Anyone else ever get the urge to have a camera dedicated to look at their lawn....like a sleeping toddler? I've been on vacation a week and my lawn could be green, brown or purple for all I know. But it's too weird to text my neighbors and ask for a pic of the lawn :lol:


----------



## Spammage (Apr 30, 2017)

:blush: +1...Yep, I have a problem.


----------



## MarkV (Mar 22, 2017)

Just get some security cameras. Kill 3 birds with 1 stone. Security/kid watching/lawn watching.


----------



## Redtenchu (Jan 28, 2017)

MarkV is correct. But a few guys have this with the secondary purpose as home security.


----------



## Pete1313 (May 3, 2017)

My co-worker's lawn, that I renovated 2 years ago, has a camera pointed right at it. Lately he has been showing me the video of it at work. I think he is doing it to rub it in since he knows mine is dead.


----------



## Redtenchu (Jan 28, 2017)

Pete1313 said:


> My co-worker's lawn, that I renovated 2 years ago, has a camera pointed right at it. Lately he has been showing me the video of it at work. I think he is doing it to rub it in since he knows mine is dead.


Hahaha


----------



## Ware (Jan 28, 2017)

MarkV said:


> Just get some security cameras. Kill 3 birds with 1 stone. Security/kid watching/lawn watching.

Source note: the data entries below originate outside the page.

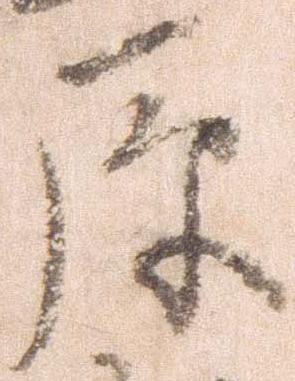
原
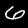
Digit: 6
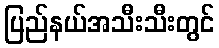
ပြည်နယ်အသီးသီးတွင်
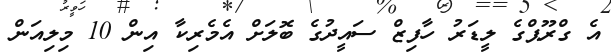
އެ ގްރޫޕްގެ ލީޑަރު ހާފިޒް ސައީދުގެ ބޮލަށް އެމެރިކާ އިން 10 މިލިއަން
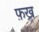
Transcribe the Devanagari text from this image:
फ़ख्र
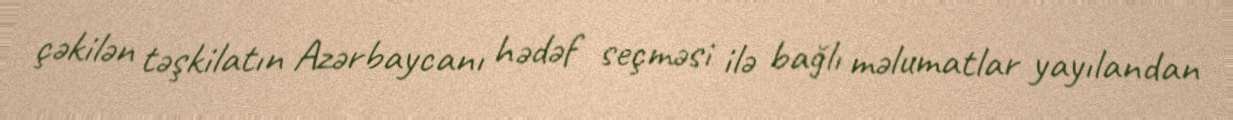
çəkilən təşkilatın Azərbaycanı hədəf seçməsi ilə bağlı məlumatlar yayılandan
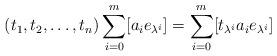
LaTeX: \begin{align*}(t_1, t_2, \dots, t_n) \sum_{i=0}^m [a_{i}e_{\lambda^i}]=\sum_{i=0}^m [t_{\lambda^i} a_{i} e_{\lambda^i}]\end{align*}
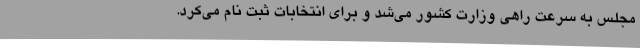
مجلس به سرعت راهی وزارت کشور می‌شد و برای انتخابات ثبت نام می‌کرد.
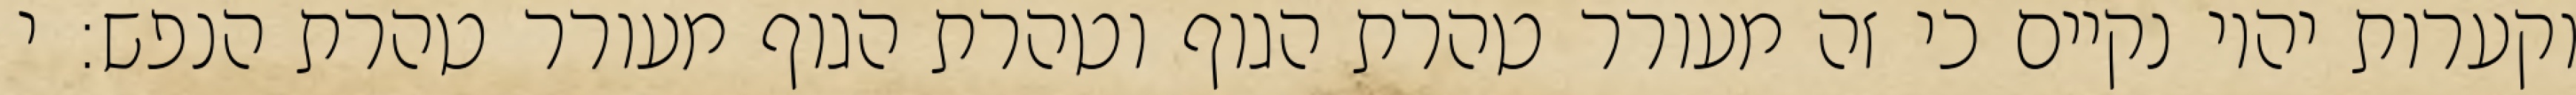
וקערות יהיו נקיים כי זה מעורר טהרת הגוף וטהרת הגוף מעורר טהרת הנפש: י
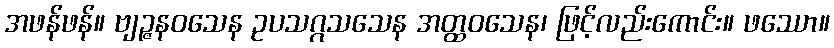
အဖန်ဖန်။ ဗျဉ္ဇနဝသေန ဥပသဂ္ဂသသေန အတ္ထဝသေန၊ ဖြင့်လည်းကောင်း။ ဖဿော။
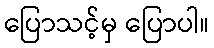
ပြောသင့်မှ ပြောပါ။
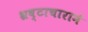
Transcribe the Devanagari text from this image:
भ्रष्टाचाराने
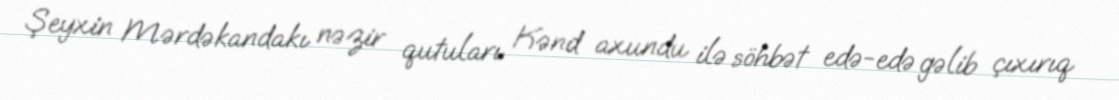
Şeyxin Mərdəkandakı nəzir qutuları Kənd axundu ilə söhbət edə-edə gəlib çıxırıq
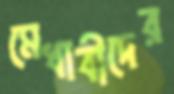
মেধাবীদের
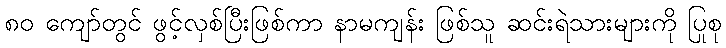
၈၀ ကျော်တွင် ဖွင့်လှစ်ပြီးဖြစ်ကာ နာမကျန်း ဖြစ်သူ ဆင်းရဲသားများကို ပြုစု
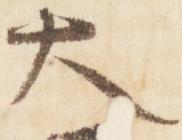
大
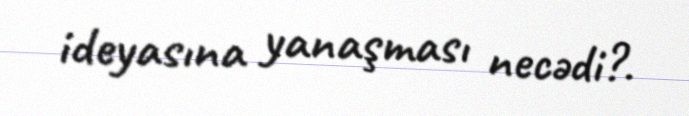
ideyasına yanaşması necədi?.
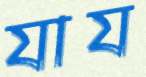
যায
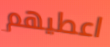
اعطيهم
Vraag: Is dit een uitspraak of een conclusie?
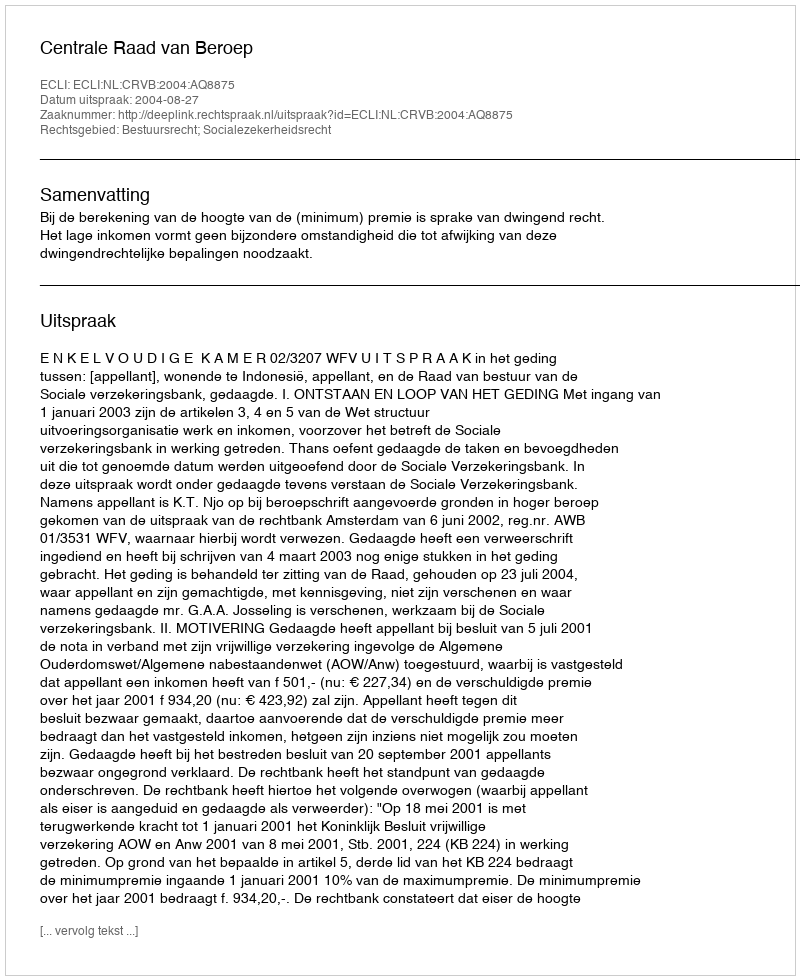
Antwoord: Uitspraak
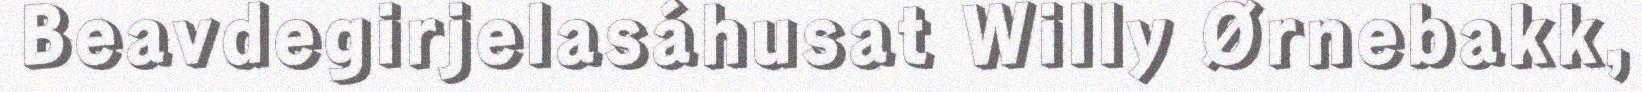
Beavdegirjelasáhusat Willy Ørnebakk,

Agree. Here is a thread. :thumbup:


----------



## ajmikola (Feb 18, 2017)

Ditto


----------



## j4c11 (Apr 30, 2017)

Ware said:


> Agree.


When is the live 24x7 youtube feed of your lawn coming out


----------



## ericgautier (Apr 22, 2017)

Spammage said:


> :blush: +1...Yep, I have a problem.


 :lol: I check on mine a few times a day. :thumbup:


----------